- _Dataset content_:
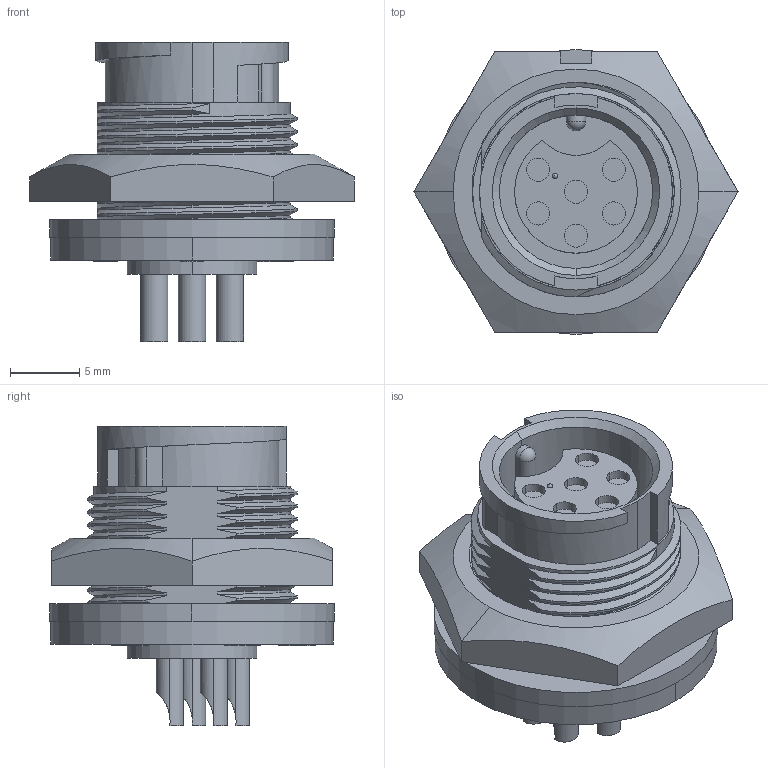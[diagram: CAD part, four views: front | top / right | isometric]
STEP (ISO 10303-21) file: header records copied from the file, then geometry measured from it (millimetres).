
FILE_DESCRIPTION (( 'STEP AP203' ), '1' );
FILE_NAME ('7282-6SG-300.STEP', '2013-10-22T18:36:58', ( 'J0FPBF1' ), ( '' ), 'SwSTEP 2.0', 'SolidWorks 2012', '' );
FILE_SCHEMA (( 'CONFIG_CONTROL_DESIGN' ));
Length unit declared in the file: inch
Products named in the file (1): 7282-6SG-300
Bounding box: 23.46 x 20.62 x 21.64 mm (x, y, z)
Volume: 3242.3 mm3; surface area: 3115.1 mm2
Topology: 2 solids, 2 shells, 273 faces, 736 edges, 490 vertices
Faces by surface type: cylinder 105, plane 97, bspline 65, cone 4, sphere 2
Entity records: 16480 total; most frequent: CARTESIAN_POINT 10326, ORIENTED_EDGE 1464, DIRECTION 967, EDGE_CURVE 732, VERTEX_POINT 488, VECTOR 357, LINE 357, AXIS2_PLACEMENT_3D 305
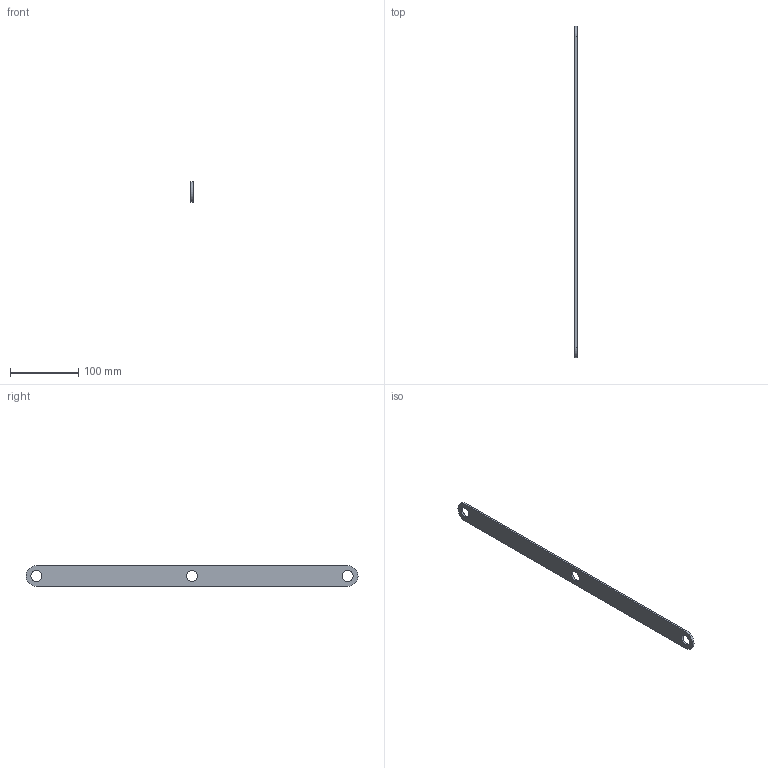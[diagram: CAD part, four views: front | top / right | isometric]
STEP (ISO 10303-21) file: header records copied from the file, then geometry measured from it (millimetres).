
FILE_DESCRIPTION(/* description */ (''),/* implementation_level */ '2;1');
FILE_NAME(/* name */ 'LINK_2.step',/* time_stamp */ '2025-12-06T20:01:02+05:30',/* author */ (''),/* organization */ (''),/* preprocessor_version */ 'ST-DEVELOPER v20.1',/* originating_system */ 'Autodesk Translation Framework v14.21.0.0',/* authorisation */ '');
FILE_SCHEMA (('AUTOMOTIVE_DESIGN { 1 0 10303 214 3 1 1 }'));
Length unit declared in the file: millimetre
Products named in the file (2): (Unsaved); LINK v2
Assembly tree (1 placements, depth 2):
  (Unsaved)
    LINK v2
Bounding box: 3 x 485 x 30 mm (x, y, z)
Volume: 41261 mm3; surface area: 30972.5 mm2
Topology: 1 solids, 1 shells, 9 faces, 21 edges, 14 vertices
Faces by surface type: cylinder 5, plane 4
Full cylindrical faces by diameter (mm): 16 x3
Entity records: 330 total; most frequent: DIRECTION 55, CARTESIAN_POINT 47, ORIENTED_EDGE 42, AXIS2_PLACEMENT_3D 22, EDGE_CURVE 21, EDGE_LOOP 15, VERTEX_POINT 14, LINE 11
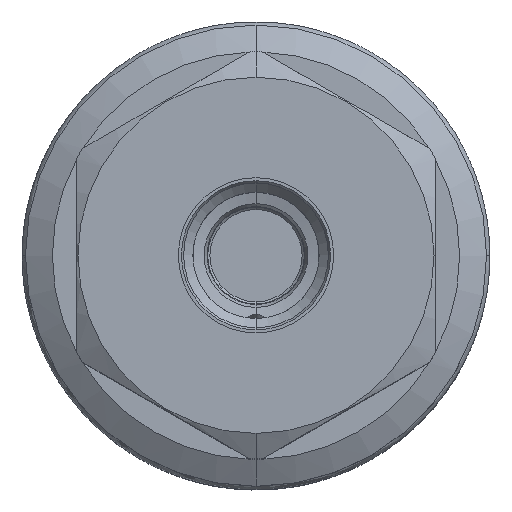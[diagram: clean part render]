
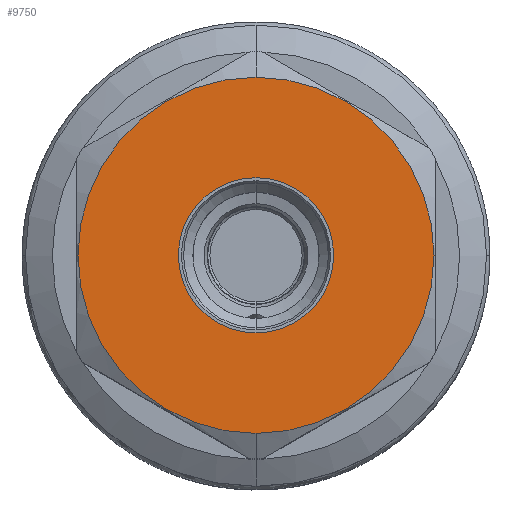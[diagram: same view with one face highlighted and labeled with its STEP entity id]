
A CAD part, top view. The second image highlights one B-rep face of the part: STEP entity #9750.
In plain terms, the highlighted planar face has unit normal (0, 0, 1).
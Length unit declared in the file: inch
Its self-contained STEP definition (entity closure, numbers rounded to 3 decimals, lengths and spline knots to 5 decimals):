
#3484=CARTESIAN_POINT('',(0.,0.,5.657));
#3485=DIRECTION('',(0.,0.,1.));
#3486=DIRECTION('',(0.,-1.,0.));
#3487=AXIS2_PLACEMENT_3D('',#3484,#3485,#3486);
#3489=CARTESIAN_POINT('',(0.,0.,5.657));
#3490=DIRECTION('',(0.,0.,1.));
#3491=DIRECTION('',(0.,1.,0.));
#3492=AXIS2_PLACEMENT_3D('',#3489,#3490,#3491);
#3494=CARTESIAN_POINT('',(0.,0.,5.657));
#3495=DIRECTION('',(0.,0.,1.));
#3496=DIRECTION('',(0.,-1.,0.));
#3497=AXIS2_PLACEMENT_3D('',#3494,#3495,#3496);
#3499=CARTESIAN_POINT('',(0.,0.,5.657));
#3500=DIRECTION('',(0.,0.,1.));
#3501=DIRECTION('',(0.,1.,0.));
#3502=AXIS2_PLACEMENT_3D('',#3499,#3500,#3501);
#5230=CARTESIAN_POINT('',(0.,-0.807,5.657));
#5231=CARTESIAN_POINT('',(0.,0.807,5.657));
#5232=VERTEX_POINT('',#5230);
#5233=VERTEX_POINT('',#5231);
#5337=CARTESIAN_POINT('',(0.,-0.352,5.657));
#5338=CARTESIAN_POINT('',(0.,0.352,5.657));
#5339=VERTEX_POINT('',#5337);
#5340=VERTEX_POINT('',#5338);
#9734=CARTESIAN_POINT('',(0.,0.,5.657));
#9735=DIRECTION('',(0.,0.,1.));
#9736=DIRECTION('',(0.,1.,0.));
#9737=AXIS2_PLACEMENT_3D('',#9734,#9735,#9736);
#9738=PLANE('',#9737);
#9740=ORIENTED_EDGE('',*,*,#9739,.F.);
#9742=ORIENTED_EDGE('',*,*,#9741,.F.);
#9743=EDGE_LOOP('',(#9740,#9742));
#9744=FACE_OUTER_BOUND('',#9743,.F.);
#9745=ORIENTED_EDGE('',*,*,#9724,.T.);
#9747=ORIENTED_EDGE('',*,*,#9746,.T.);
#9748=EDGE_LOOP('',(#9745,#9747));
#9749=FACE_BOUND('',#9748,.F.);
#9750=ADVANCED_FACE('',(#9744,#9749),#9738,.T.);
#3488=CIRCLE('',#3487,0.807);
#3493=CIRCLE('',#3492,0.807);
#3498=CIRCLE('',#3497,0.352);
#3503=CIRCLE('',#3502,0.352);
#9724=EDGE_CURVE('',#5339,#5340,#3498,.T.);
#9739=EDGE_CURVE('',#5232,#5233,#3488,.T.);
#9741=EDGE_CURVE('',#5233,#5232,#3493,.T.);
#9746=EDGE_CURVE('',#5340,#5339,#3503,.T.);
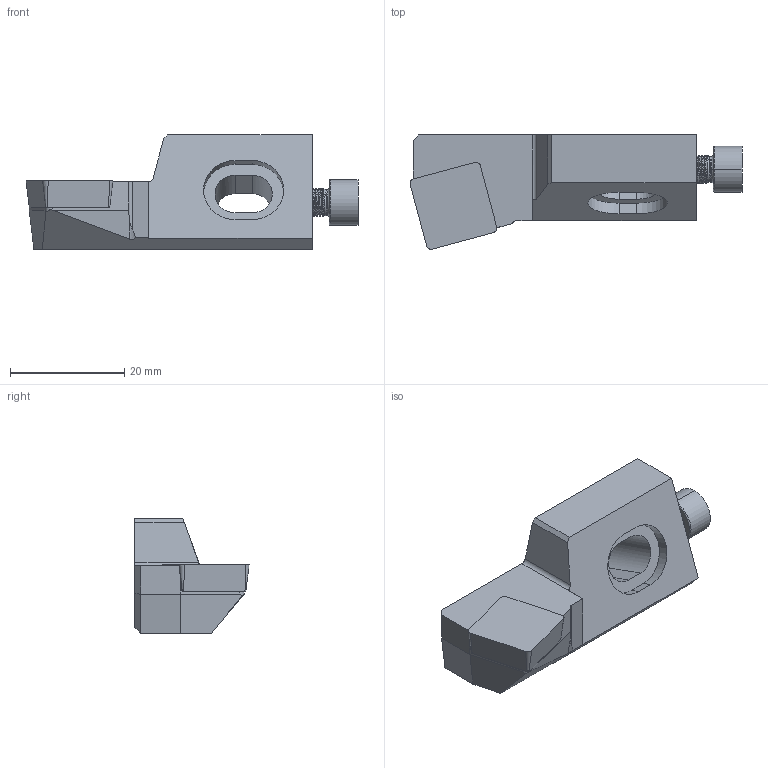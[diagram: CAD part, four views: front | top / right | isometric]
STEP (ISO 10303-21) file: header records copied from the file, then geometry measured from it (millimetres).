
FILE_DESCRIPTION (( 'STEP AP214' ), '1' );
FILE_NAME ('SSKCR-12CA-12-LIGHT.STP', '2023-11-09T10:08:40', ( '' ), ( '' ), 'SwSTEP 2.0', 'SolidWorks 2018', '' );
FILE_SCHEMA (( 'AUTOMOTIVE_DESIGN' ));
Length unit declared in the file: millimetre
Products named in the file (1): SSKCR-12CA-12-LIGHT
Bounding box: 58.06 x 20 x 20 mm (x, y, z)
Volume: 9985.3 mm3; surface area: 4394 mm2
Topology: 2 solids, 2 shells, 73 faces, 188 edges, 122 vertices
Faces by surface type: plane 37, cylinder 17, cone 11, torus 6, bspline 2
Entity records: 4240 total; most frequent: CARTESIAN_POINT 1676, ORIENTED_EDGE 376, DIRECTION 337, EDGE_CURVE 188, VERTEX_POINT 122, AXIS2_PLACEMENT_3D 114, LINE 109, VECTOR 109
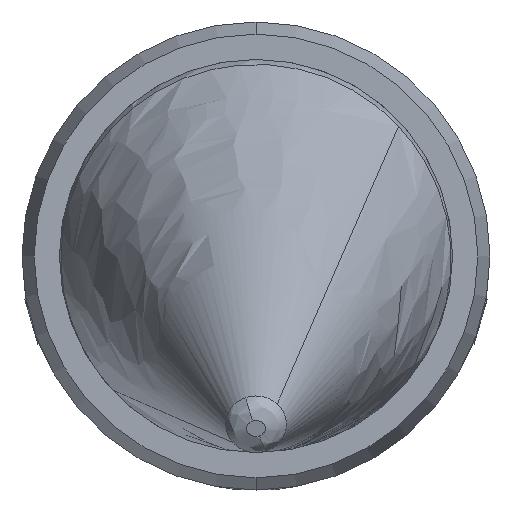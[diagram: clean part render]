
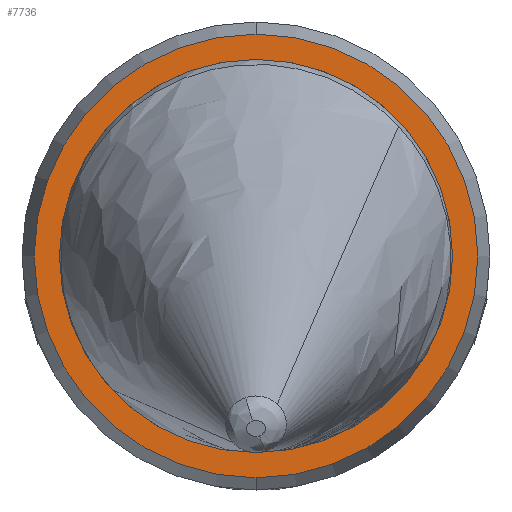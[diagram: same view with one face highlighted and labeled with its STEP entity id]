
A CAD part, front view. The second image highlights one B-rep face of the part: STEP entity #7736.
In plain terms, the highlighted planar face has unit normal (0, -1, 0).
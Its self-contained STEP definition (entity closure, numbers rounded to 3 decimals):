
#237 = VERTEX_POINT ( 'NONE', #22391 ) ;
#1170 = CARTESIAN_POINT ( 'NONE',  ( 0., -65., 35.55 ) ) ;
#2960 = CARTESIAN_POINT ( 'NONE',  ( 0., -65., 0. ) ) ;
#4096 = CIRCLE ( 'NONE', #19470, 35.55 ) ;
#5283 = DIRECTION ( 'NONE',  ( 0., -1., 0. ) ) ;
#5475 = ORIENTED_EDGE ( 'NONE', *, *, #23289, .T. ) ;
#5482 = EDGE_CURVE ( 'NONE', #13960, #18432, #22190, .T. ) ;
#5625 = ORIENTED_EDGE ( 'NONE', *, *, #24827, .T. ) ;
#5710 = CARTESIAN_POINT ( 'NONE',  ( 0., -65., 0. ) ) ;
#6123 = AXIS2_PLACEMENT_3D ( 'NONE', #5710, #26818, #8498 ) ;
#6603 = CIRCLE ( 'NONE', #6123, 31.5 ) ;
#7736 = ADVANCED_FACE ( 'NONE', ( #19845, #12266 ), #12114, .T. ) ;
#8498 = DIRECTION ( 'NONE',  ( 0., 0., 1. ) ) ;
#10071 = AXIS2_PLACEMENT_3D ( 'NONE', #17734, #20211, #29683 ) ;
#12114 = PLANE ( 'NONE',  #12519 ) ;
#12266 = FACE_BOUND ( 'NONE', #28640, .T. ) ;
#12519 = AXIS2_PLACEMENT_3D ( 'NONE', #21867, #17536, #14749 ) ;
#13153 = CARTESIAN_POINT ( 'NONE',  ( 0., -65., 0. ) ) ;
#13960 = VERTEX_POINT ( 'NONE', #1170 ) ;
#14003 = CARTESIAN_POINT ( 'NONE',  ( 0., -65., -31.5 ) ) ;
#14047 = CIRCLE ( 'NONE', #10071, 31.5 ) ;
#14065 = ORIENTED_EDGE ( 'NONE', *, *, #24470, .T. ) ;
#14619 = DIRECTION ( 'NONE',  ( 0., 0., -1. ) ) ;
#14749 = DIRECTION ( 'NONE',  ( 0., 0., -1. ) ) ;
#17536 = DIRECTION ( 'NONE',  ( 0., -1., 0. ) ) ;
#17734 = CARTESIAN_POINT ( 'NONE',  ( 0., -65., 0. ) ) ;
#17847 = ORIENTED_EDGE ( 'NONE', *, *, #5482, .T. ) ;
#18432 = VERTEX_POINT ( 'NONE', #30265 ) ;
#19470 = AXIS2_PLACEMENT_3D ( 'NONE', #2960, #5283, #14619 ) ;
#19845 = FACE_OUTER_BOUND ( 'NONE', #27078, .T. ) ;
#20211 = DIRECTION ( 'NONE',  ( 0., 1., 0. ) ) ;
#20271 = DIRECTION ( 'NONE',  ( 0., 0., -1. ) ) ;
#21867 = CARTESIAN_POINT ( 'NONE',  ( -31.5, -65., 0. ) ) ;
#22190 = CIRCLE ( 'NONE', #26164, 35.55 ) ;
#22391 = CARTESIAN_POINT ( 'NONE',  ( 0., -65., 31.5 ) ) ;
#22598 = DIRECTION ( 'NONE',  ( 0., -1., 0. ) ) ;
#23077 = VERTEX_POINT ( 'NONE', #14003 ) ;
#23289 = EDGE_CURVE ( 'NONE', #18432, #13960, #4096, .T. ) ;
#24470 = EDGE_CURVE ( 'NONE', #23077, #237, #14047, .T. ) ;
#24827 = EDGE_CURVE ( 'NONE', #237, #23077, #6603, .T. ) ;
#26164 = AXIS2_PLACEMENT_3D ( 'NONE', #13153, #22598, #20271 ) ;
#26818 = DIRECTION ( 'NONE',  ( 0., 1., 0. ) ) ;
#27078 = EDGE_LOOP ( 'NONE', ( #17847, #5475 ) ) ;
#28640 = EDGE_LOOP ( 'NONE', ( #5625, #14065 ) ) ;
#29683 = DIRECTION ( 'NONE',  ( 0., 0., 1. ) ) ;
#30265 = CARTESIAN_POINT ( 'NONE',  ( 0., -65., -35.55 ) ) ;
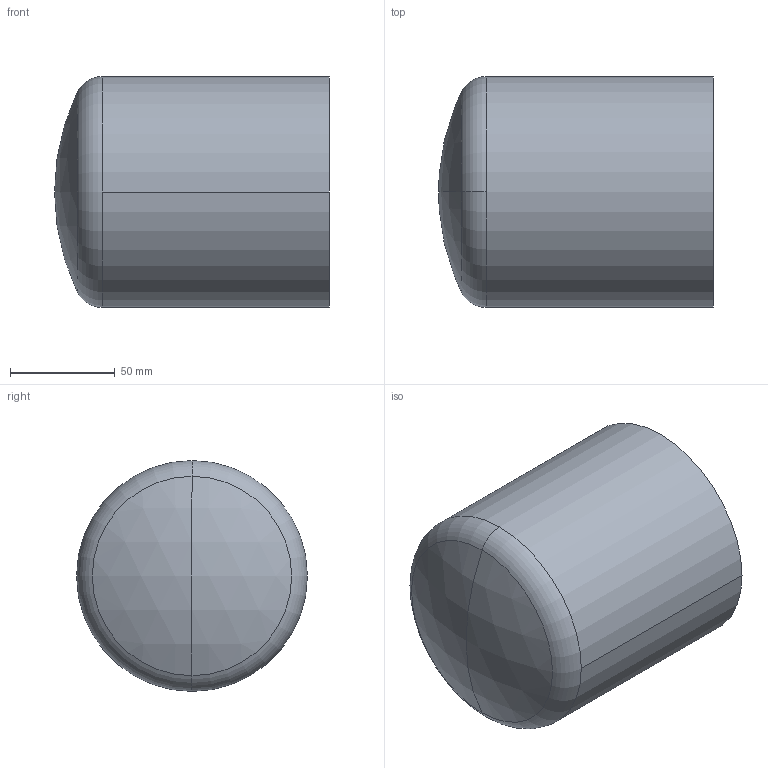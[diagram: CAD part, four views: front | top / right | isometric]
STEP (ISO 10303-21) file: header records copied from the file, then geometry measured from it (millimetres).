
FILE_DESCRIPTION( ( '' ), '1' );
FILE_NAME( 'CEL17-110.stp', '2015-09-08T13:57:19', ( '' ), ( '' ), ' ', ' ', ' ' );
FILE_SCHEMA( ( 'automotive_design' ) );
Length unit declared in the file: millimetre
Products named in the file (1): 1
Bounding box: 131 x 110 x 110 mm (x, y, z)
Volume: 301607 mm3; surface area: 93631.3 mm2
Topology: 1 solids, 1 shells, 13 faces, 28 edges, 18 vertices
Faces by surface type: sphere 4, torus 4, cylinder 4, plane 1
Entity records: 728 total; most frequent: DIRECTION 80, STYLED_ITEM 60, PRESENTATION_STYLE_ASSIGNMENT 60, CARTESIAN_POINT 60, COLOUR_RGB 60, ORIENTED_EDGE 56, AXIS2_PLACEMENT_3D 38, EDGE_CURVE 28

- _Activity_:
Using the entries above, extract exactly the lines from the one that contains "#9736=DIRECTION('',(0.,1.,0.));" through the one that contains "normal (0, -1, 0).". Do not carry over any pictures.

- _Solution to the problem_:
#9736=DIRECTION('',(0.,1.,0.));
#9737=AXIS2_PLACEMENT_3D('',#9734,#9735,#9736);
#9738=PLANE('',#9737);
#9740=ORIENTED_EDGE('',*,*,#9739,.F.);
#9742=ORIENTED_EDGE('',*,*,#9741,.F.);
#9743=EDGE_LOOP('',(#9740,#9742));
#9744=FACE_OUTER_BOUND('',#9743,.F.);
#9745=ORIENTED_EDGE('',*,*,#9724,.T.);
#9747=ORIENTED_EDGE('',*,*,#9746,.T.);
#9748=EDGE_LOOP('',(#9745,#9747));
#9749=FACE_BOUND('',#9748,.F.);
#9750=ADVANCED_FACE('',(#9744,#9749),#9738,.T.);
#3488=CIRCLE('',#3487,0.807);
#3493=CIRCLE('',#3492,0.807);
#3498=CIRCLE('',#3497,0.352);
#3503=CIRCLE('',#3502,0.352);
#9724=EDGE_CURVE('',#5339,#5340,#3498,.T.);
#9739=EDGE_CURVE('',#5232,#5233,#3488,.T.);
#9741=EDGE_CURVE('',#5233,#5232,#3493,.T.);
#9746=EDGE_CURVE('',#5340,#5339,#3503,.T.);
[diagram: CAD part, four views: front | top / right | isometric]
STEP (ISO 10303-21) file: header records copied from the file, then geometry measured from it (millimetres).
FILE_DESCRIPTION (( 'STEP AP214' ), '1' );
FILE_NAME ('SSKCR-12CA-12-LIGHT.STP', '2023-11-09T10:08:40', ( '' ), ( '' ), 'SwSTEP 2.0', 'SolidWorks 2018', '' );
FILE_SCHEMA (( 'AUTOMOTIVE_DESIGN' ));
Length unit declared in the file: millimetre
Products named in the file (1): SSKCR-12CA-12-LIGHT
Bounding box: 58.06 x 20 x 20 mm (x, y, z)
Volume: 9985.3 mm3; surface area: 4394 mm2
Topology: 2 solids, 2 shells, 73 faces, 188 edges, 122 vertices
Faces by surface type: plane 37, cylinder 17, cone 11, torus 6, bspline 2
Entity records: 4240 total; most frequent: CARTESIAN_POINT 1676, ORIENTED_EDGE 376, DIRECTION 337, EDGE_CURVE 188, VERTEX_POINT 122, AXIS2_PLACEMENT_3D 114, LINE 109, VECTOR 109
[diagram: clean part render]
[diagram: same view with one face highlighted and labeled with its STEP entity id]
A CAD part, front view. The second image highlights one B-rep face of the part: STEP entity #7736.
In plain terms, the highlighted planar face has unit normal (0, -1, 0).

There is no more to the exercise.